- _Task_
Line by line, write out the material exactly.

- _Records for processing_
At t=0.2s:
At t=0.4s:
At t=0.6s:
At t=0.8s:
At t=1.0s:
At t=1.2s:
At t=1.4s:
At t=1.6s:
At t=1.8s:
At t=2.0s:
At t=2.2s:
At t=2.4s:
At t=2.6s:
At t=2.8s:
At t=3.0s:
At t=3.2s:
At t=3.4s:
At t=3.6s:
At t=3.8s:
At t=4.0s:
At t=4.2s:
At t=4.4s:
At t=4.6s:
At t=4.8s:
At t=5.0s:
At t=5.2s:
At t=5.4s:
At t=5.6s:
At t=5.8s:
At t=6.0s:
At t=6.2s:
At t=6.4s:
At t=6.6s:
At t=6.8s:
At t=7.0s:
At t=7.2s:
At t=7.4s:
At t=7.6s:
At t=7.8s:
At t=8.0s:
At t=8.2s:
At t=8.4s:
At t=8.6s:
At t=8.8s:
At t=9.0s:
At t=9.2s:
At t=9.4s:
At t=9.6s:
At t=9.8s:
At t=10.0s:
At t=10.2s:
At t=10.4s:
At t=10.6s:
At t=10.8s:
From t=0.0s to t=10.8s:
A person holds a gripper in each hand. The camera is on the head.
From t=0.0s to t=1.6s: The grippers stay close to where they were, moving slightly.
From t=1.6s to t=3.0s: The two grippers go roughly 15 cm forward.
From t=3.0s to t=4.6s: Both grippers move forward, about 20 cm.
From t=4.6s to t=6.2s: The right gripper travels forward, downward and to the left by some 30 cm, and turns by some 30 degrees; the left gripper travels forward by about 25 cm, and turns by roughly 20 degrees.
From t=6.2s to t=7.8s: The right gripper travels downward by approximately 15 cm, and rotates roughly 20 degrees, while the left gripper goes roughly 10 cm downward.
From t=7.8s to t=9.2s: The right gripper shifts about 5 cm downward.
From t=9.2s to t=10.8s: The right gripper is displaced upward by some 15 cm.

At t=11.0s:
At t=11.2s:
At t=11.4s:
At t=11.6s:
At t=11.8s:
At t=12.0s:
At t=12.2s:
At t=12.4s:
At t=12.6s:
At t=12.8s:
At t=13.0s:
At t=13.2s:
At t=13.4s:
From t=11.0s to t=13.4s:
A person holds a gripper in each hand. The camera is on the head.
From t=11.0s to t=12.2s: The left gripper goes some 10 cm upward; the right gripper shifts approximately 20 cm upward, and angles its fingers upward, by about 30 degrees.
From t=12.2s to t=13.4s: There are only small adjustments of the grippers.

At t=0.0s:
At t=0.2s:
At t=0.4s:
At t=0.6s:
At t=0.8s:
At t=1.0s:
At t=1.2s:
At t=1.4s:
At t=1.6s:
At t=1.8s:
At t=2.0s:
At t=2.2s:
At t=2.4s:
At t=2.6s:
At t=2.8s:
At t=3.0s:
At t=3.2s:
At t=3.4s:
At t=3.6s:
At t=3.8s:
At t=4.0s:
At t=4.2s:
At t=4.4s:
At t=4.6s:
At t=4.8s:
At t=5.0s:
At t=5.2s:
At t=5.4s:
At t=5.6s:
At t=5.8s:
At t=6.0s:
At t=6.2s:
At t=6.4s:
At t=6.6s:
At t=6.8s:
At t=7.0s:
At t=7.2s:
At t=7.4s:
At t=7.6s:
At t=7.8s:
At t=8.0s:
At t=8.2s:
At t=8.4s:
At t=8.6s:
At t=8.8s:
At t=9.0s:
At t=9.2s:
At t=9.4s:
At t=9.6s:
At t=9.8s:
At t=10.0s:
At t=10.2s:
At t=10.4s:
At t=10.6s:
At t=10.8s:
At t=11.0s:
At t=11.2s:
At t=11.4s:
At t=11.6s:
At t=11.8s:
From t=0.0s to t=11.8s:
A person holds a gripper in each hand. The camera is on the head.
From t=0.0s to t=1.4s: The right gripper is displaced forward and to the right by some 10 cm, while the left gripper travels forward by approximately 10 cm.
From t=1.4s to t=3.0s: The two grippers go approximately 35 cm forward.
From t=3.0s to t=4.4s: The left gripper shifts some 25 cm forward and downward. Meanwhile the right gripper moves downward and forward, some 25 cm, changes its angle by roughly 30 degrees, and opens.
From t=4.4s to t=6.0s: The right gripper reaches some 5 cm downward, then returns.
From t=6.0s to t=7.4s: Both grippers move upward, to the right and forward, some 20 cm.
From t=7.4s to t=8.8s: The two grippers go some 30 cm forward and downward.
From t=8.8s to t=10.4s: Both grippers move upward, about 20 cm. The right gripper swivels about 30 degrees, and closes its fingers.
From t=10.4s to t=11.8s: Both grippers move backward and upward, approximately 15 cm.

- _Result for this exercise_
At t=0.2s:
At t=0.4s:
At t=0.6s:
At t=0.8s:
At t=1.0s:
At t=1.2s:
At t=1.4s:
At t=1.6s:
At t=1.8s:
At t=2.0s:
At t=2.2s:
At t=2.4s:
At t=2.6s:
At t=2.8s:
At t=3.0s:
At t=3.2s:
At t=3.4s:
At t=3.6s:
At t=3.8s:
At t=4.0s:
At t=4.2s:
At t=4.4s:
At t=4.6s:
At t=4.8s:
At t=5.0s:
At t=5.2s:
At t=5.4s:
At t=5.6s:
At t=5.8s:
At t=6.0s:
At t=6.2s:
At t=6.4s:
At t=6.6s:
At t=6.8s:
At t=7.0s:
At t=7.2s:
At t=7.4s:
At t=7.6s:
At t=7.8s:
At t=8.0s:
At t=8.2s:
At t=8.4s:
At t=8.6s:
At t=8.8s:
At t=9.0s:
At t=9.2s:
At t=9.4s:
At t=9.6s:
At t=9.8s:
At t=10.0s:
At t=10.2s:
At t=10.4s:
At t=10.6s:
At t=10.8s:
From t=0.0s to t=10.8s:
A person holds a gripper in each hand. The camera is on the head.
From t=0.0s to t=1.6s: The grippers stay close to where they were, moving slightly.
From t=1.6s to t=3.0s: The two grippers go roughly 15 cm forward.
From t=3.0s to t=4.6s: Both grippers move forward, about 20 cm.
From t=4.6s to t=6.2s: The right gripper travels forward, downward and to the left by some 30 cm, and turns by some 30 degrees; the left gripper travels forward by about 25 cm, and turns by roughly 20 degrees.
From t=6.2s to t=7.8s: The right gripper travels downward by approximately 15 cm, and rotates roughly 20 degrees, while the left gripper goes roughly 10 cm downward.
From t=7.8s to t=9.2s: The right gripper shifts about 5 cm downward.
From t=9.2s to t=10.8s: The right gripper is displaced upward by some 15 cm.

At t=11.0s:
At t=11.2s:
At t=11.4s:
At t=11.6s:
At t=11.8s:
At t=12.0s:
At t=12.2s:
At t=12.4s:
At t=12.6s:
At t=12.8s:
At t=13.0s:
At t=13.2s:
At t=13.4s:
From t=11.0s to t=13.4s:
A person holds a gripper in each hand. The camera is on the head.
From t=11.0s to t=12.2s: The left gripper goes some 10 cm upward; the right gripper shifts approximately 20 cm upward, and angles its fingers upward, by about 30 degrees.
From t=12.2s to t=13.4s: There are only small adjustments of the grippers.

At t=0.0s:
At t=0.2s:
At t=0.4s:
At t=0.6s:
At t=0.8s:
At t=1.0s:
At t=1.2s:
At t=1.4s:
At t=1.6s:
At t=1.8s:
At t=2.0s:
At t=2.2s:
At t=2.4s:
At t=2.6s:
At t=2.8s:
At t=3.0s:
At t=3.2s:
At t=3.4s:
At t=3.6s:
At t=3.8s:
At t=4.0s:
At t=4.2s:
At t=4.4s:
At t=4.6s:
At t=4.8s:
At t=5.0s:
At t=5.2s:
At t=5.4s:
At t=5.6s:
At t=5.8s:
At t=6.0s:
At t=6.2s:
At t=6.4s:
At t=6.6s:
At t=6.8s:
At t=7.0s:
At t=7.2s:
At t=7.4s:
At t=7.6s:
At t=7.8s:
At t=8.0s:
At t=8.2s:
At t=8.4s:
At t=8.6s:
At t=8.8s:
At t=9.0s:
At t=9.2s:
At t=9.4s:
At t=9.6s:
At t=9.8s:
At t=10.0s:
At t=10.2s:
At t=10.4s:
At t=10.6s:
At t=10.8s:
At t=11.0s:
At t=11.2s:
At t=11.4s:
At t=11.6s:
At t=11.8s:
From t=0.0s to t=11.8s:
A person holds a gripper in each hand. The camera is on the head.
From t=0.0s to t=1.4s: The right gripper is displaced forward and to the right by some 10 cm, while the left gripper travels forward by approximately 10 cm.
From t=1.4s to t=3.0s: The two grippers go approximately 35 cm forward.
From t=3.0s to t=4.4s: The left gripper shifts some 25 cm forward and downward. Meanwhile the right gripper moves downward and forward, some 25 cm, changes its angle by roughly 30 degrees, and opens.
From t=4.4s to t=6.0s: The right gripper reaches some 5 cm downward, then returns.
From t=6.0s to t=7.4s: Both grippers move upward, to the right and forward, some 20 cm.
From t=7.4s to t=8.8s: The two grippers go some 30 cm forward and downward.
From t=8.8s to t=10.4s: Both grippers move upward, about 20 cm. The right gripper swivels about 30 degrees, and closes its fingers.
From t=10.4s to t=11.8s: Both grippers move backward and upward, approximately 15 cm.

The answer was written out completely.